[Records excerpted from a collection]
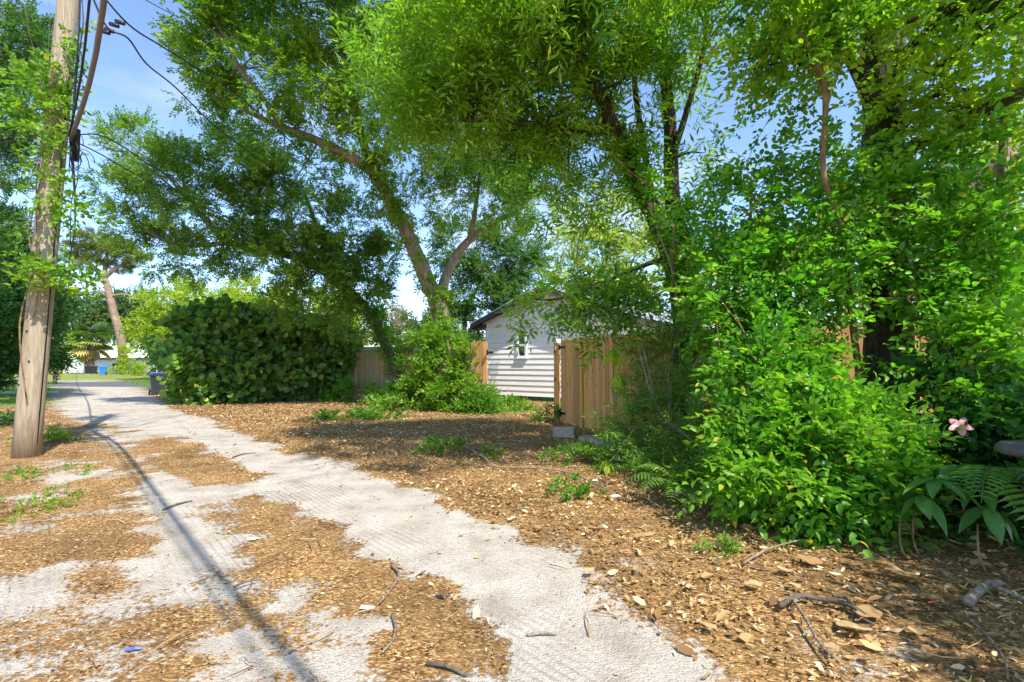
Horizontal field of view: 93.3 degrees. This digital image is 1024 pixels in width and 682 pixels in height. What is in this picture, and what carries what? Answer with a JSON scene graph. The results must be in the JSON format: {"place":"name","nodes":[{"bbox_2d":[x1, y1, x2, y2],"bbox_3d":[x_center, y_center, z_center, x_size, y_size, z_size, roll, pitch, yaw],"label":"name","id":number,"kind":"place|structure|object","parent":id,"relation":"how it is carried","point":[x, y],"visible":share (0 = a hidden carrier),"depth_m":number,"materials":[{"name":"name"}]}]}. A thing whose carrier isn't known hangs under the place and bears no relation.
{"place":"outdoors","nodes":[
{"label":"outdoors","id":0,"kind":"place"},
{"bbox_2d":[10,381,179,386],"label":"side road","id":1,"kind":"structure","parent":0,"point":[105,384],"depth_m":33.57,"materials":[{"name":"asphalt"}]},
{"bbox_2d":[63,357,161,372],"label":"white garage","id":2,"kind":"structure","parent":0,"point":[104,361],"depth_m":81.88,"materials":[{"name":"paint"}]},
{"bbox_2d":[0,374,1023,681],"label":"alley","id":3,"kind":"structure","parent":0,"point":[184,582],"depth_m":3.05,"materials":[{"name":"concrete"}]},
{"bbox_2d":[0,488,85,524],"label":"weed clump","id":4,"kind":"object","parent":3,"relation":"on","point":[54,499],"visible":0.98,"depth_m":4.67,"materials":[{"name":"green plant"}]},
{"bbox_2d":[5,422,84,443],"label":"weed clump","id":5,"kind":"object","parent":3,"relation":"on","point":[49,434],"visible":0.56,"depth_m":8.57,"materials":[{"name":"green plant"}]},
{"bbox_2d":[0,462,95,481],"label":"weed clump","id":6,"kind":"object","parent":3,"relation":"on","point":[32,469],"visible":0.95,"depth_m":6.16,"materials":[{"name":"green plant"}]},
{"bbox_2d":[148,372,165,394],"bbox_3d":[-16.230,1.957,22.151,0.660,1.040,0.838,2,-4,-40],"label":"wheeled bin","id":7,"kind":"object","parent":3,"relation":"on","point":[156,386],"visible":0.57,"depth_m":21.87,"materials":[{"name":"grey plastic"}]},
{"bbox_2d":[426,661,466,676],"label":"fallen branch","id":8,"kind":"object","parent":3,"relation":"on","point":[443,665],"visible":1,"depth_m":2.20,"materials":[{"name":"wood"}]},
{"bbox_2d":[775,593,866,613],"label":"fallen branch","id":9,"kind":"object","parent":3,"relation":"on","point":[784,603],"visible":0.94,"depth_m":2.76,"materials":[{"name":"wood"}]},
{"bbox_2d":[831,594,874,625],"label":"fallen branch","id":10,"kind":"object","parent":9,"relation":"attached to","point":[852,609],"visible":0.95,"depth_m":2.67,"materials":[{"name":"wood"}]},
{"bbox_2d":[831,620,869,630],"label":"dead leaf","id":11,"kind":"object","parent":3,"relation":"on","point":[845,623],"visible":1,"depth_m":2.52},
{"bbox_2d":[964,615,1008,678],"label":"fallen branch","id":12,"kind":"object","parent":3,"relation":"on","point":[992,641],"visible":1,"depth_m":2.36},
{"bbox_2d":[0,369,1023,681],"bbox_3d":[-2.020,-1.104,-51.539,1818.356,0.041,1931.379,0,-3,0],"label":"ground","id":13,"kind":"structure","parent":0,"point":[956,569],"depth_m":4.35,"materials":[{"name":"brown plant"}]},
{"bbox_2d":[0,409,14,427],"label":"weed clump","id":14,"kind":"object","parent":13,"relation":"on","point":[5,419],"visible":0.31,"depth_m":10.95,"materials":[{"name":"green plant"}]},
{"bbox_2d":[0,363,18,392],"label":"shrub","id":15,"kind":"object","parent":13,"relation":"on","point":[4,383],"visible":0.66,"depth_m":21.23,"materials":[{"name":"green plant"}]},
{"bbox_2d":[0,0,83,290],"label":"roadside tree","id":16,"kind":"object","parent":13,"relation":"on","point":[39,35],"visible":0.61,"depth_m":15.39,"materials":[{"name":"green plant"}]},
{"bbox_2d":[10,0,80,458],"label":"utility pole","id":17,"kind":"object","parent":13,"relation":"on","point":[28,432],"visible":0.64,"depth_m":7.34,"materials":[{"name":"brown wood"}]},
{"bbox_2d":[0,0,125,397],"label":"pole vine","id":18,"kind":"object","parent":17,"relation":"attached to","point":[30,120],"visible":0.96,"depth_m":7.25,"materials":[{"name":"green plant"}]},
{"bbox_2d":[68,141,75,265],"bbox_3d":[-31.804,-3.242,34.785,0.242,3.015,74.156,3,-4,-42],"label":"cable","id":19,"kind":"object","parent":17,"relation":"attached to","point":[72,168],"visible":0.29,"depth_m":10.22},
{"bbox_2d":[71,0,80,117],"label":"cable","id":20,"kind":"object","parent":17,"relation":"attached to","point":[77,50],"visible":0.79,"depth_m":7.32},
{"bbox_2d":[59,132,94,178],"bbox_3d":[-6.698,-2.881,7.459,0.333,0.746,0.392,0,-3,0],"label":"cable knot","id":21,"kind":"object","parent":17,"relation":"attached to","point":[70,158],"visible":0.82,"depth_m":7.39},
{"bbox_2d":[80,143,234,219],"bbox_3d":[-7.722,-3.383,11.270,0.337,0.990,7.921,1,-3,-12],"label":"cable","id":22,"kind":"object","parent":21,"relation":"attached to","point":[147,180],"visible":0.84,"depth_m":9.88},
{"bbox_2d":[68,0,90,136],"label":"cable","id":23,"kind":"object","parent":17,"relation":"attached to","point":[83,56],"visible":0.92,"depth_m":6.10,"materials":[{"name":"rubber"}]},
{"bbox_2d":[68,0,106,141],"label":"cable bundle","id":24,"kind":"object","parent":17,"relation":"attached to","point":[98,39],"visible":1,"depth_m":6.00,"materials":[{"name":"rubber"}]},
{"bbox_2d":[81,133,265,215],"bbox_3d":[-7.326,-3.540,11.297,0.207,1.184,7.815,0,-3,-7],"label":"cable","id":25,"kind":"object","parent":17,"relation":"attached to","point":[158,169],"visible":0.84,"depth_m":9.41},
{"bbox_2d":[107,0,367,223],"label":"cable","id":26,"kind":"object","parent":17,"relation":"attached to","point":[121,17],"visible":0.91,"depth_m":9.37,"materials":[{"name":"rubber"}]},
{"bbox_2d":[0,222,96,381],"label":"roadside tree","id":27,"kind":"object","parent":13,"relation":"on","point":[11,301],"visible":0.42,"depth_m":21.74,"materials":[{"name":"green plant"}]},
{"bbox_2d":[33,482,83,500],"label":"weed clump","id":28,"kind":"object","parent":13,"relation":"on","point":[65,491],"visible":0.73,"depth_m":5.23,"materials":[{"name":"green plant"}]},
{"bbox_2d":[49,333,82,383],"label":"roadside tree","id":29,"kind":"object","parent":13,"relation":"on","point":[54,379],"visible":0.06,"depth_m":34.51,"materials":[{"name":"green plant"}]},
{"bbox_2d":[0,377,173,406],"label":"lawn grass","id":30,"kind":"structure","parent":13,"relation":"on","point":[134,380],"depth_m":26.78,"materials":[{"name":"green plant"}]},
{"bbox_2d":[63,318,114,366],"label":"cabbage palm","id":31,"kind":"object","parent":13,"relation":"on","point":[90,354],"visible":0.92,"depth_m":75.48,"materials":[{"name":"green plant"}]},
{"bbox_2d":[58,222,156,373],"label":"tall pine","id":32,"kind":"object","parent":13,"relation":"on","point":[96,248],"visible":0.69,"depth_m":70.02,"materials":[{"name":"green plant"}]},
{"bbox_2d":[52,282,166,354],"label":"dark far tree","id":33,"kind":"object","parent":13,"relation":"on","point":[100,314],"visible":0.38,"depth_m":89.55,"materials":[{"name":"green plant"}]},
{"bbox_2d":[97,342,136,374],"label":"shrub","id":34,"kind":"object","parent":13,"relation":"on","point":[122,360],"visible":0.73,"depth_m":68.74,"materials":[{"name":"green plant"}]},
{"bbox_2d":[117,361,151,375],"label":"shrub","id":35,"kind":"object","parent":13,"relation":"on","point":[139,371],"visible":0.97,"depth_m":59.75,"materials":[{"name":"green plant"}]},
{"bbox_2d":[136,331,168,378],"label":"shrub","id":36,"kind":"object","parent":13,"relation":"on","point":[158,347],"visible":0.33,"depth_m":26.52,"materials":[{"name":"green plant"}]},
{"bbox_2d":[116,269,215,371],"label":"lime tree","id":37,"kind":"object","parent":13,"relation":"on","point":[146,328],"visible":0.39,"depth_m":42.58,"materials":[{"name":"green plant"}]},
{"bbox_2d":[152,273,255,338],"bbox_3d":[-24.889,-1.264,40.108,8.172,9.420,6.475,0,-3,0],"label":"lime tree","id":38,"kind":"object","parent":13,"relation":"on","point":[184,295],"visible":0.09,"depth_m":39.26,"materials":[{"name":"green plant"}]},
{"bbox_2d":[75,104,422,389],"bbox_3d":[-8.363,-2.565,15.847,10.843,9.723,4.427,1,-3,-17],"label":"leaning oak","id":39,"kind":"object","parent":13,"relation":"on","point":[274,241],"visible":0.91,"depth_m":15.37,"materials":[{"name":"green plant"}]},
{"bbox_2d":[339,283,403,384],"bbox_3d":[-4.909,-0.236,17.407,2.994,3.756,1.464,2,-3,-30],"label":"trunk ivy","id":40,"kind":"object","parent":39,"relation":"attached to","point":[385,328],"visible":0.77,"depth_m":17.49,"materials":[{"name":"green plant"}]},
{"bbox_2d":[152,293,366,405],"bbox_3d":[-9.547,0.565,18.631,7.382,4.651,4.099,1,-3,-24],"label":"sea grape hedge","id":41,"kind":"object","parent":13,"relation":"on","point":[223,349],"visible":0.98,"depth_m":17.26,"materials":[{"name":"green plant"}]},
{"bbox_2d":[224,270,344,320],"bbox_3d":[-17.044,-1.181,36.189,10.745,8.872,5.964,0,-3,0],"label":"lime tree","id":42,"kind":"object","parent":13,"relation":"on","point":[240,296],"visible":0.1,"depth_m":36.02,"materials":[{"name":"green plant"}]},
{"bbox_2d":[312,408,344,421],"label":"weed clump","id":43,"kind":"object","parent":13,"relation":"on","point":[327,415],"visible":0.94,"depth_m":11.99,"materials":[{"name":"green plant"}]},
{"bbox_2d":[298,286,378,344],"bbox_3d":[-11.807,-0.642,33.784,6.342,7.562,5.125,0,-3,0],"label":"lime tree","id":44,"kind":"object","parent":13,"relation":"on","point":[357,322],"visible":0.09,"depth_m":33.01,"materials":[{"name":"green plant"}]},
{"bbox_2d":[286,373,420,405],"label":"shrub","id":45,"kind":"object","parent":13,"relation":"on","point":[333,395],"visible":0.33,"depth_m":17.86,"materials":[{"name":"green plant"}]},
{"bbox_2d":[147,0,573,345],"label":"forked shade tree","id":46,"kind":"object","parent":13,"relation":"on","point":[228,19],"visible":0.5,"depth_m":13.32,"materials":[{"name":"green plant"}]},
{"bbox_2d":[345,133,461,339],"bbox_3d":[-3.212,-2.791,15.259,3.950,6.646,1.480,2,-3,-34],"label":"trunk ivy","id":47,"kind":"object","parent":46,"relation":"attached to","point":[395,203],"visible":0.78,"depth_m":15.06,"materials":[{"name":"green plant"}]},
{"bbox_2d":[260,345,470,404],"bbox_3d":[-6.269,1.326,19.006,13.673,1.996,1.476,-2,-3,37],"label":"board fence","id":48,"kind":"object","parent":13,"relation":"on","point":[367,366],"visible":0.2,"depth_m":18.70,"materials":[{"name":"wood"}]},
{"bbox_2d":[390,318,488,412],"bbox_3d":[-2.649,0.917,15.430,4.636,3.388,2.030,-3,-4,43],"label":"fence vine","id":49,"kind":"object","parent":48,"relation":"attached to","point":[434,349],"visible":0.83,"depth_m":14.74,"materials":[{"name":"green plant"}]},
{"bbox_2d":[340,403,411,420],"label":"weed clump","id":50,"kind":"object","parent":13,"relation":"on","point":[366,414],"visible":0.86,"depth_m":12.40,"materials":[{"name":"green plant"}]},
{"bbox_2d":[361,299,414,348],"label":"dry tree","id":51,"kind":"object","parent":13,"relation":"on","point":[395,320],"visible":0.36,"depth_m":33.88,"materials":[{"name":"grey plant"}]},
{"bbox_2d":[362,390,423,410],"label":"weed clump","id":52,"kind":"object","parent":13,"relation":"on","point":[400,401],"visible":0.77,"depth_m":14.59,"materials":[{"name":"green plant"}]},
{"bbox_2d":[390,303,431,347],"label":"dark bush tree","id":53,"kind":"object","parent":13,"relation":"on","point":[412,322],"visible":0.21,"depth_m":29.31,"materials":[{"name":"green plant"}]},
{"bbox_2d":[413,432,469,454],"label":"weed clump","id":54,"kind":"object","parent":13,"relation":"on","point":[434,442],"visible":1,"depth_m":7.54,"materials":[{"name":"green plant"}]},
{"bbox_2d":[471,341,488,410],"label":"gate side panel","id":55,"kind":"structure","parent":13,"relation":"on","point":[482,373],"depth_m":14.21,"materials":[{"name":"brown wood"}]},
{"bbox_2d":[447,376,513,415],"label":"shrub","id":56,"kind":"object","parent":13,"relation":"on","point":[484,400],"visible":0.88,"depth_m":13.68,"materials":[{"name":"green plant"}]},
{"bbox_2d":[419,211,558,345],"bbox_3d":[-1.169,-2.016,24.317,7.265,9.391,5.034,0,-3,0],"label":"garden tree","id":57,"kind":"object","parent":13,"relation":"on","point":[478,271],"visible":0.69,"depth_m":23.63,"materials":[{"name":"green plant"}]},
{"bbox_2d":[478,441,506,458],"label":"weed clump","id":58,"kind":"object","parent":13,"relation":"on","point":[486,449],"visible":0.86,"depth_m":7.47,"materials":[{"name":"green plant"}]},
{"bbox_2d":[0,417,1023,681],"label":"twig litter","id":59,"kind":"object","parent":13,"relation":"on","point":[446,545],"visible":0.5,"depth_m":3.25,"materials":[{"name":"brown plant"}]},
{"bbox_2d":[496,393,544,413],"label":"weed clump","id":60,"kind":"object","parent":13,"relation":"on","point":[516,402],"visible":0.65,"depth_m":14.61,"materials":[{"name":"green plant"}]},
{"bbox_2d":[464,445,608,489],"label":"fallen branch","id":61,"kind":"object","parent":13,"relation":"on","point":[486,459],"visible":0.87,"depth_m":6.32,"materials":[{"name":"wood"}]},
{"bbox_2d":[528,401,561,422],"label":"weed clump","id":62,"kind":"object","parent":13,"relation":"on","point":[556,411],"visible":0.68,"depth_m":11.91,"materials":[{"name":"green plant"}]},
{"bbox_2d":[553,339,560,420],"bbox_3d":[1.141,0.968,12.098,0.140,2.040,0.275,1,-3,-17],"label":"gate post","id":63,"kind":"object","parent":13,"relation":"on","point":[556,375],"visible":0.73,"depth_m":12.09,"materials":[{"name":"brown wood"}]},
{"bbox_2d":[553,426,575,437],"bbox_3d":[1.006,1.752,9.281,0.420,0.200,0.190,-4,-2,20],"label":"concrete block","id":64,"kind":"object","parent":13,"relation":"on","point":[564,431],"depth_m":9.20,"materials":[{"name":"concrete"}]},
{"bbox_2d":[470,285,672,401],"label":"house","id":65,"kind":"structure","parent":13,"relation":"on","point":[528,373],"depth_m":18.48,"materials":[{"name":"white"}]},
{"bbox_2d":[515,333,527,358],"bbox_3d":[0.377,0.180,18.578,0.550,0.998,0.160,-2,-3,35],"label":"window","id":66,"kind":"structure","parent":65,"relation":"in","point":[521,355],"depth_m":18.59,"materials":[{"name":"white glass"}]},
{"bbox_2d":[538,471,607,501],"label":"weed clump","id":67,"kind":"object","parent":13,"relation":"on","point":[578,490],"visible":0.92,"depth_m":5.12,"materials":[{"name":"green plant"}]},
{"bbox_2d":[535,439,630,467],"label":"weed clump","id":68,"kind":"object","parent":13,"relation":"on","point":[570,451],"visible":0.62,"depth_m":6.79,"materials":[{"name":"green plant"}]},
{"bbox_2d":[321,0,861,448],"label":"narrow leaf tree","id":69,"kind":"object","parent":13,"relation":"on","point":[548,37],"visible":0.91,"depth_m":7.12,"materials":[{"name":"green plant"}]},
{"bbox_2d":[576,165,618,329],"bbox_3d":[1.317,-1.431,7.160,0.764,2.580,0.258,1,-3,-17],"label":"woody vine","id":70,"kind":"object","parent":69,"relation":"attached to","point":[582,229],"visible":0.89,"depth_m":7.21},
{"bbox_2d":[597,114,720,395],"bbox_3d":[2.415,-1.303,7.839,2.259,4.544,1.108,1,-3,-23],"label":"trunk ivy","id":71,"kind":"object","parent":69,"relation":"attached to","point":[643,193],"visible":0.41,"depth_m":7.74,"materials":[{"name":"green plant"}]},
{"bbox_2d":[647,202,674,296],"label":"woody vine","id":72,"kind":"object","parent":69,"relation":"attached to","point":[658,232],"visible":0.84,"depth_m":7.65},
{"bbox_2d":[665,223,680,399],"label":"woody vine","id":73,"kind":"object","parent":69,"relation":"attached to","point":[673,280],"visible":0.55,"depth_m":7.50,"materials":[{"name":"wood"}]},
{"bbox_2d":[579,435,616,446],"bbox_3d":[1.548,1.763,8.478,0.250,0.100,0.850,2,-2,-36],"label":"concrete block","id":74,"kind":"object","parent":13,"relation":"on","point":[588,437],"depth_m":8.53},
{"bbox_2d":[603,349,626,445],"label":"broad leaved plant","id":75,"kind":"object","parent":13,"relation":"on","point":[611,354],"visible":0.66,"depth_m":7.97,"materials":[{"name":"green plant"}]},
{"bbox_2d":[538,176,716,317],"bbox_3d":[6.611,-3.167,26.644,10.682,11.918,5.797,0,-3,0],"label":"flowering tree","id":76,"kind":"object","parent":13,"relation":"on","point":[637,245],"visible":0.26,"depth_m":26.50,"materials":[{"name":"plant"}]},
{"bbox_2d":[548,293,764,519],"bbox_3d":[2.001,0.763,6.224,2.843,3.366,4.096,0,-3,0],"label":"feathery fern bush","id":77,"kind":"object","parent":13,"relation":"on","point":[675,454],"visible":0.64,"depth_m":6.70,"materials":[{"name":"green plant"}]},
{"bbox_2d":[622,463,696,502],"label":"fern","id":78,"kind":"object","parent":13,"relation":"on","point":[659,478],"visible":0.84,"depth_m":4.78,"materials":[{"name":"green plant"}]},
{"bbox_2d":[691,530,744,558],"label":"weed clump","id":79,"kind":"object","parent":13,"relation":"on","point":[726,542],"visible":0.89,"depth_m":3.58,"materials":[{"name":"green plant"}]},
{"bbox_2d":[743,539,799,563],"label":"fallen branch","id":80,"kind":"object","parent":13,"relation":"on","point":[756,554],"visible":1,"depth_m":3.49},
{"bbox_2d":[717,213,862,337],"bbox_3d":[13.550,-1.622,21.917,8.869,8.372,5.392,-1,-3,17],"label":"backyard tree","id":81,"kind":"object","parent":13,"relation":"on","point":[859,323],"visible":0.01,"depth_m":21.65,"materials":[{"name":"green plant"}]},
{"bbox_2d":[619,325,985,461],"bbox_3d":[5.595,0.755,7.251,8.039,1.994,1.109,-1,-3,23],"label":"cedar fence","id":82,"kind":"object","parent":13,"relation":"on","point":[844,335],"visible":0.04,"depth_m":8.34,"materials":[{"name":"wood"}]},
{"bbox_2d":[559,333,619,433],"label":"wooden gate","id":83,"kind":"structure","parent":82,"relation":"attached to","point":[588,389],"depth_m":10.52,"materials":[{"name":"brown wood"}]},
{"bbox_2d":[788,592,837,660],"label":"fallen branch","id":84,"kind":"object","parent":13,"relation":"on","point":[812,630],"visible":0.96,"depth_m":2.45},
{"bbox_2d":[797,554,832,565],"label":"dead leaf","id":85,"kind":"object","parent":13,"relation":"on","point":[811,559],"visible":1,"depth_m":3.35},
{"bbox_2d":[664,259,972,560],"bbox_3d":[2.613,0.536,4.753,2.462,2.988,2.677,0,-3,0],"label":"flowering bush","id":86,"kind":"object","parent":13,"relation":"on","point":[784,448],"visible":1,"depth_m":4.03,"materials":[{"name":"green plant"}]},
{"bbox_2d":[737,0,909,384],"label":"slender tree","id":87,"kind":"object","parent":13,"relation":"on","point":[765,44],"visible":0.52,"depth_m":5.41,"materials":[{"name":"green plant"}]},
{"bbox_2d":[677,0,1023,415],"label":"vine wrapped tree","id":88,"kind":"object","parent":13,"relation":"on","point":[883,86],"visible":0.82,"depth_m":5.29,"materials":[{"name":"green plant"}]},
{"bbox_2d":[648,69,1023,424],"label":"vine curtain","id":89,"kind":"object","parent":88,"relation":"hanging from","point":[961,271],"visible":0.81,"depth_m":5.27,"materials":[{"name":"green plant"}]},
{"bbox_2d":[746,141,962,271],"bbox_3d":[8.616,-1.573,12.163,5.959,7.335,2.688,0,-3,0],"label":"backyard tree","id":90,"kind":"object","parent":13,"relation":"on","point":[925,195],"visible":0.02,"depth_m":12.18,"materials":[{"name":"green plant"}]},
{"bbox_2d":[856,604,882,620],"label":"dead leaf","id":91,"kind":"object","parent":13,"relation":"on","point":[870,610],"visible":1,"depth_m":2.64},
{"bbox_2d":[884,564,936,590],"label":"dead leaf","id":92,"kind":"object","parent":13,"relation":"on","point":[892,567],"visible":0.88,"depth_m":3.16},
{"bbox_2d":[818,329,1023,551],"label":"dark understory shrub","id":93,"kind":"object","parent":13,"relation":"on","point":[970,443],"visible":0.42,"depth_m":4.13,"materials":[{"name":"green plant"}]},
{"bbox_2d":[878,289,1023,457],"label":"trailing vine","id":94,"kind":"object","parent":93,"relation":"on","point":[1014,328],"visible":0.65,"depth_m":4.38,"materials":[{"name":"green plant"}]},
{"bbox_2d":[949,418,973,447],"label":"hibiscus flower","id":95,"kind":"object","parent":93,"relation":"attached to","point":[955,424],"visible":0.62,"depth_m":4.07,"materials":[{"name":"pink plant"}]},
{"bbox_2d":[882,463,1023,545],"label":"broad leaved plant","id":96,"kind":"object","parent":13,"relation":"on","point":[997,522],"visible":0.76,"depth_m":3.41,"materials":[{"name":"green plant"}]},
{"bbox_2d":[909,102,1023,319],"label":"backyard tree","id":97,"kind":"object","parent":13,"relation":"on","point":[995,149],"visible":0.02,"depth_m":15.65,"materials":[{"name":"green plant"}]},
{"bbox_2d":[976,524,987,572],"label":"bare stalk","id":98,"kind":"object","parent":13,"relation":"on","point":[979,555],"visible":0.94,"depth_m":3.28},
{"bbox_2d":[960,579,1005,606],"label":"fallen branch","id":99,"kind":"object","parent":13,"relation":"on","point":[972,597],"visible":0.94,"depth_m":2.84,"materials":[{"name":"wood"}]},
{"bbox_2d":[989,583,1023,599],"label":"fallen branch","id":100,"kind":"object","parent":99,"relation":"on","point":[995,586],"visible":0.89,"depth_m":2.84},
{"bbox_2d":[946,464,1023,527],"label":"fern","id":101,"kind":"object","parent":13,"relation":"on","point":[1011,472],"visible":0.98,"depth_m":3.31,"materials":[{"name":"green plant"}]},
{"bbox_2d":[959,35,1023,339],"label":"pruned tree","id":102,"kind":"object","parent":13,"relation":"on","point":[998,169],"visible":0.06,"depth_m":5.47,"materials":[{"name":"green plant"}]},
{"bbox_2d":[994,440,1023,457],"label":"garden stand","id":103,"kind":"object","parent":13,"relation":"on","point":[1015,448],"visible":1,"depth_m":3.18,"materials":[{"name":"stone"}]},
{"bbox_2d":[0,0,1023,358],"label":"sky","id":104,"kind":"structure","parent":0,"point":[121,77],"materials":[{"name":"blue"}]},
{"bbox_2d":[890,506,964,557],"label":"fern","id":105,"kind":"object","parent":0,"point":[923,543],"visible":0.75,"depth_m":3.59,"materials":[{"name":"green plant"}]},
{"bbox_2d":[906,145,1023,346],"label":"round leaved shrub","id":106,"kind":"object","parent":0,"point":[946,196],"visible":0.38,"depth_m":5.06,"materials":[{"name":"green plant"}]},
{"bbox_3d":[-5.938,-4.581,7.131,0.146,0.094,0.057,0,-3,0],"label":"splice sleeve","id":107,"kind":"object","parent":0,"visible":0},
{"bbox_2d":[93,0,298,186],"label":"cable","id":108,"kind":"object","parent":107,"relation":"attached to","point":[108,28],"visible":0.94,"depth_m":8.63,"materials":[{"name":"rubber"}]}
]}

WHAT YOU ARE ASKED TO DO: Among the records, find the lines that contain "branch" and copy each of them.

RESPONSE TO THIS EXERCISE:
{"bbox_2d":[426,661,466,676],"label":"fallen branch","id":8,"kind":"object","parent":3,"relation":"on","point":[443,665],"visible":1,"depth_m":2.20,"materials":[{"name":"wood"}]},
{"bbox_2d":[775,593,866,613],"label":"fallen branch","id":9,"kind":"object","parent":3,"relation":"on","point":[784,603],"visible":0.94,"depth_m":2.76,"materials":[{"name":"wood"}]},
{"bbox_2d":[831,594,874,625],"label":"fallen branch","id":10,"kind":"object","parent":9,"relation":"attached to","point":[852,609],"visible":0.95,"depth_m":2.67,"materials":[{"name":"wood"}]},
{"bbox_2d":[964,615,1008,678],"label":"fallen branch","id":12,"kind":"object","parent":3,"relation":"on","point":[992,641],"visible":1,"depth_m":2.36},
{"bbox_2d":[464,445,608,489],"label":"fallen branch","id":61,"kind":"object","parent":13,"relation":"on","point":[486,459],"visible":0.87,"depth_m":6.32,"materials":[{"name":"wood"}]},
{"bbox_2d":[743,539,799,563],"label":"fallen branch","id":80,"kind":"object","parent":13,"relation":"on","point":[756,554],"visible":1,"depth_m":3.49},
{"bbox_2d":[788,592,837,660],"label":"fallen branch","id":84,"kind":"object","parent":13,"relation":"on","point":[812,630],"visible":0.96,"depth_m":2.45},
{"bbox_2d":[960,579,1005,606],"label":"fallen branch","id":99,"kind":"object","parent":13,"relation":"on","point":[972,597],"visible":0.94,"depth_m":2.84,"materials":[{"name":"wood"}]},
{"bbox_2d":[989,583,1023,599],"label":"fallen branch","id":100,"kind":"object","parent":99,"relation":"on","point":[995,586],"visible":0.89,"depth_m":2.84},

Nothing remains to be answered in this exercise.